Work order: Exact reproduction of all the entries is required, without any of their pictures.

(Extracted records)

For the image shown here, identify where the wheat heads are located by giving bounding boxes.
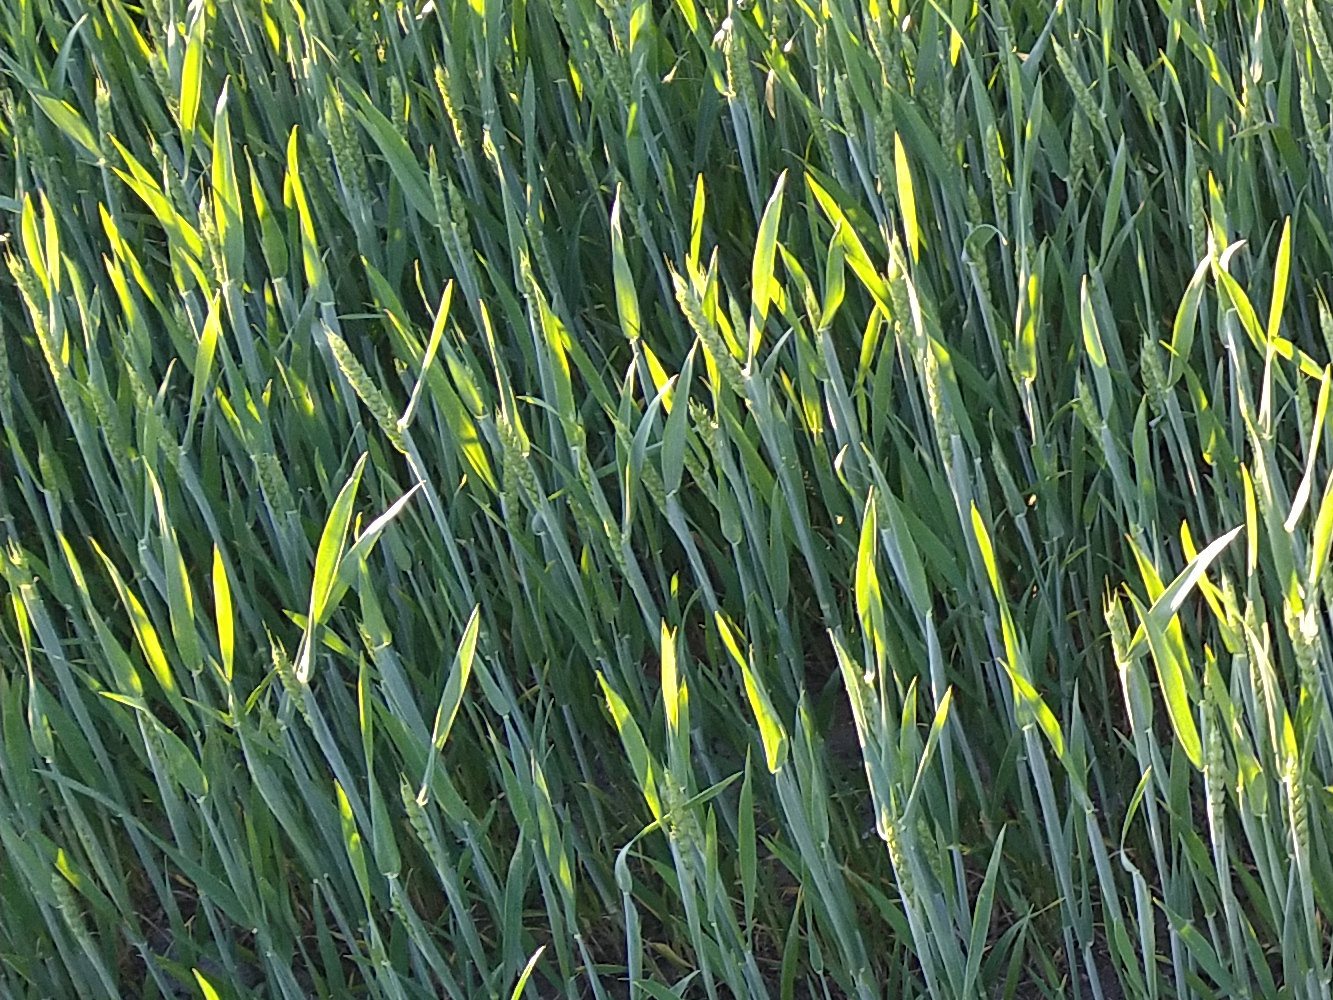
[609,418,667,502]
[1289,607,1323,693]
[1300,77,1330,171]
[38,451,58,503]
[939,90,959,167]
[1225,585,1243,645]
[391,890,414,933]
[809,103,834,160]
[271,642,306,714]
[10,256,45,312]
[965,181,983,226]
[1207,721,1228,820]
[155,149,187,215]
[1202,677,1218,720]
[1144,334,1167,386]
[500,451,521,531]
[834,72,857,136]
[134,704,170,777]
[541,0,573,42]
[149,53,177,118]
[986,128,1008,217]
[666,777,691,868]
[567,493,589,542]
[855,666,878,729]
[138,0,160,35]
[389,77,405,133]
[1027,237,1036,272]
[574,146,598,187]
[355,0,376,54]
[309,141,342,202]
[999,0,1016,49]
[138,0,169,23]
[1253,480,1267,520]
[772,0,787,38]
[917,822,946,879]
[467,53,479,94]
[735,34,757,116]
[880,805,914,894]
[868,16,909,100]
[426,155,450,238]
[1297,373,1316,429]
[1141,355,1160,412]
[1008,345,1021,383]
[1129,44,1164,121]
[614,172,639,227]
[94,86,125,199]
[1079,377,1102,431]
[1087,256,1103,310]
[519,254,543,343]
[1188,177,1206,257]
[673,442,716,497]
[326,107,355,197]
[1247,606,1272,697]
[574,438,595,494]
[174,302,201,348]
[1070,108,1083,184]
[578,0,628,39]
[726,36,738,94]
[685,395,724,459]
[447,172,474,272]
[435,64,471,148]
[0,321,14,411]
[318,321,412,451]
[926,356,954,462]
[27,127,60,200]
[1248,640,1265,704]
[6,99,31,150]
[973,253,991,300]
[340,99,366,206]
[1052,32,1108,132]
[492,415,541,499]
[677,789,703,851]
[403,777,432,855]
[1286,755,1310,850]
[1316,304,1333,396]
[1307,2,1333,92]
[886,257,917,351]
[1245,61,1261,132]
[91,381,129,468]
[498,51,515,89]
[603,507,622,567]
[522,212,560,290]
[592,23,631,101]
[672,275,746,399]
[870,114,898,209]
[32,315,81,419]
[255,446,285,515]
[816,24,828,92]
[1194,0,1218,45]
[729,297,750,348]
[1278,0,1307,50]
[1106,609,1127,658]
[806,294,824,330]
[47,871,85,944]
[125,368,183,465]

(End Extracted records)

Solution for this task:
For the image shown here, identify where the wheat heads are located by giving bounding boxes.
[609,418,667,502]
[1289,607,1323,693]
[1300,77,1330,171]
[38,451,58,503]
[939,90,959,167]
[1225,585,1243,645]
[391,890,414,933]
[809,103,834,160]
[271,642,306,714]
[10,256,45,312]
[965,181,983,226]
[1207,721,1228,820]
[155,149,187,215]
[1202,677,1218,720]
[1144,334,1167,386]
[500,451,521,531]
[834,72,857,136]
[134,704,170,777]
[541,0,573,42]
[149,53,177,118]
[986,128,1008,217]
[666,777,691,868]
[567,493,589,542]
[855,666,878,729]
[138,0,160,35]
[389,77,405,133]
[1027,237,1036,272]
[574,146,598,187]
[355,0,376,54]
[309,141,342,202]
[999,0,1016,49]
[138,0,169,23]
[1253,480,1267,520]
[772,0,787,38]
[917,822,946,879]
[467,53,479,94]
[735,34,757,116]
[880,805,914,894]
[868,16,909,100]
[426,155,450,238]
[1297,373,1316,429]
[1141,355,1160,412]
[1008,345,1021,383]
[1129,44,1164,121]
[614,172,639,227]
[94,86,125,199]
[1079,377,1102,431]
[1087,256,1103,310]
[519,254,543,343]
[1188,177,1206,257]
[673,442,716,497]
[326,107,355,197]
[1247,606,1272,697]
[574,438,595,494]
[174,302,201,348]
[1070,108,1083,184]
[578,0,628,39]
[726,36,738,94]
[685,395,724,459]
[447,172,474,272]
[435,64,471,148]
[0,321,14,411]
[318,321,412,451]
[926,356,954,462]
[27,127,60,200]
[1248,640,1265,704]
[6,99,31,150]
[973,253,991,300]
[340,99,366,206]
[1052,32,1108,132]
[492,415,541,499]
[677,789,703,851]
[403,777,432,855]
[1286,755,1310,850]
[1316,304,1333,396]
[1307,2,1333,92]
[886,257,917,351]
[1245,61,1261,132]
[91,381,129,468]
[498,51,515,89]
[603,507,622,567]
[522,212,560,290]
[592,23,631,101]
[672,275,746,399]
[870,114,898,209]
[32,315,81,419]
[255,446,285,515]
[816,24,828,92]
[1194,0,1218,45]
[729,297,750,348]
[1278,0,1307,50]
[1106,609,1127,658]
[806,294,824,330]
[47,871,85,944]
[125,368,183,465]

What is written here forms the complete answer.